_Exercise aim_: Write out exactly the lines from the one with "Q: Is the text bold? A: No." through the last line of the data below, but not the pictures.

_Records shown_:

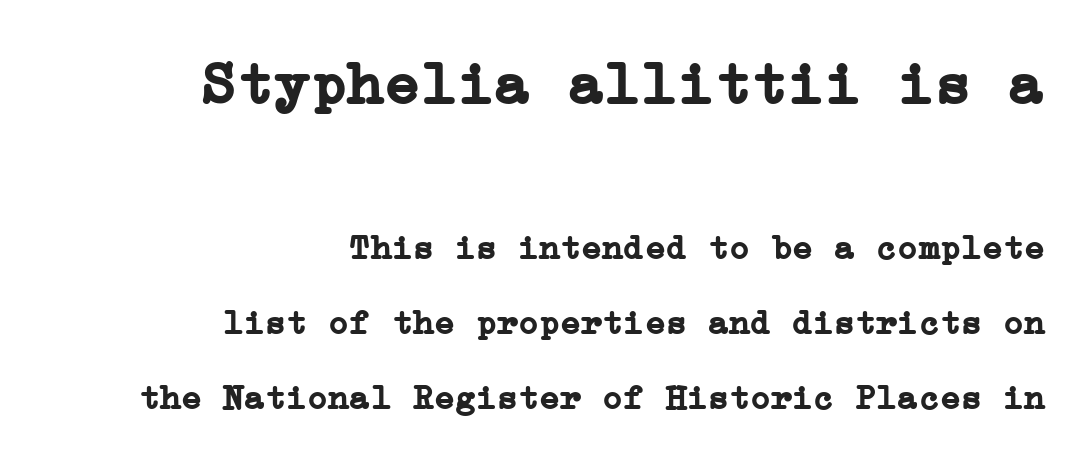
Type size steps down from the first block to the second. Only glyphs here, with clear space below each row. A typesetter would label this face a serif. Baseline-to-baseline distance is far greater than the letter height. The rendering anchors every line to the right-hand side. Standard letterfit; no display-style spreading of the glyphs.
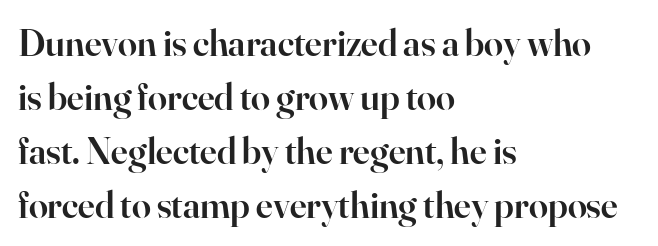
{"serif": "yes", "italic": "no", "bold": "semi", "weight": "semibold", "width": "normal", "stroke_contrast": "high", "x_height": "small", "monospaced": "no", "underline": "no", "align": "left", "line_spacing": "normal", "line_spacing_ratio": 1.42, "letter_spacing": "normal", "letter_spacing_em": 0.0, "glyph_px": 38}
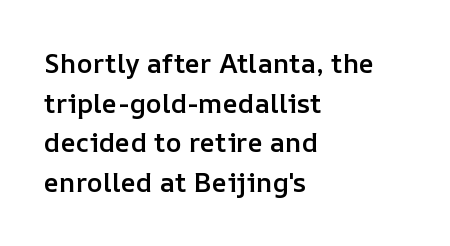
{"italic": "no", "bold": "semi", "underline": "no", "align": "left", "line_spacing": "normal", "line_spacing_ratio": 1.47, "letter_spacing": "normal", "letter_spacing_em": 0.0, "glyph_px": 27}
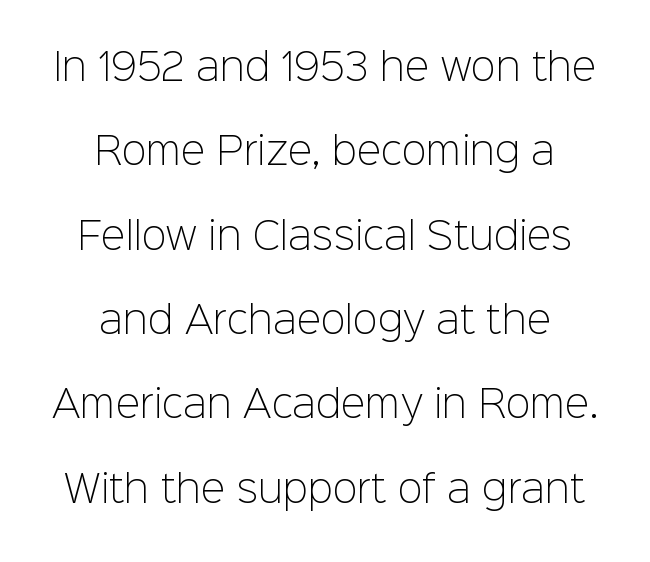
{"serif": "no", "italic": "no", "bold": "no", "weight": "light", "width": "normal", "stroke_contrast": "low", "x_height": "medium", "monospaced": "no", "underline": "no", "align": "center", "line_spacing": "loose", "line_spacing_ratio": 2.28, "letter_spacing": "normal", "letter_spacing_em": 0.0, "glyph_px": 37}
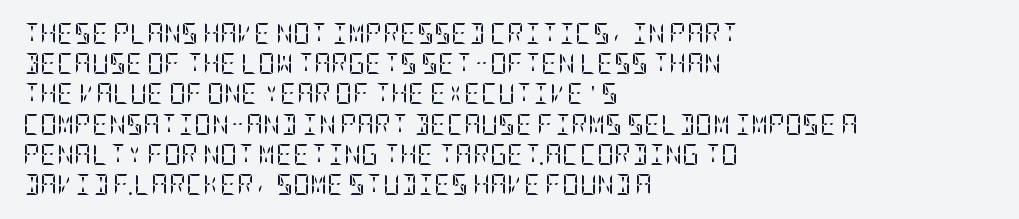
Q: Is the text bold? A: No.
Q: Is the text italic (slanted)? A: No, it is upright.
Q: Is the text underlined? A: No.
Q: How is the paragraph aligned? A: Left-aligned.
Q: Is the spacing between letters normal or unusually wide? A: Normal.
Q: Is the spacing between lines tight, normal or loose? A: Normal.
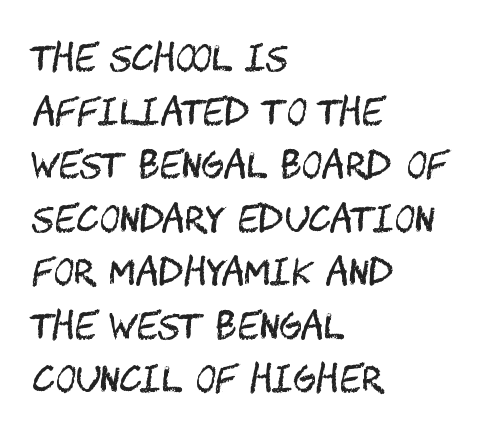
{"serif": "no", "italic": "no", "bold": "no", "weight": "regular", "width": "condensed", "stroke_contrast": "medium", "x_height": "large", "underline": "no", "align": "left", "line_spacing": "normal", "line_spacing_ratio": 1.53, "letter_spacing": "normal", "letter_spacing_em": 0.0, "glyph_px": 35}

_Task answer_:
Q: Is the text bold? A: No.
Q: Is the text italic (slanted)? A: No, it is upright.
Q: Is the text underlined? A: No.
Q: How is the paragraph aligned? A: Left-aligned.
Q: Is the spacing between letters normal or unusually wide? A: Normal.
Q: Is the spacing between lines tight, normal or loose? A: Normal.
{"serif": "no", "italic": "no", "bold": "no", "weight": "regular", "width": "condensed", "stroke_contrast": "medium", "x_height": "large", "underline": "no", "align": "left", "line_spacing": "normal", "line_spacing_ratio": 1.53, "letter_spacing": "normal", "letter_spacing_em": 0.0, "glyph_px": 35}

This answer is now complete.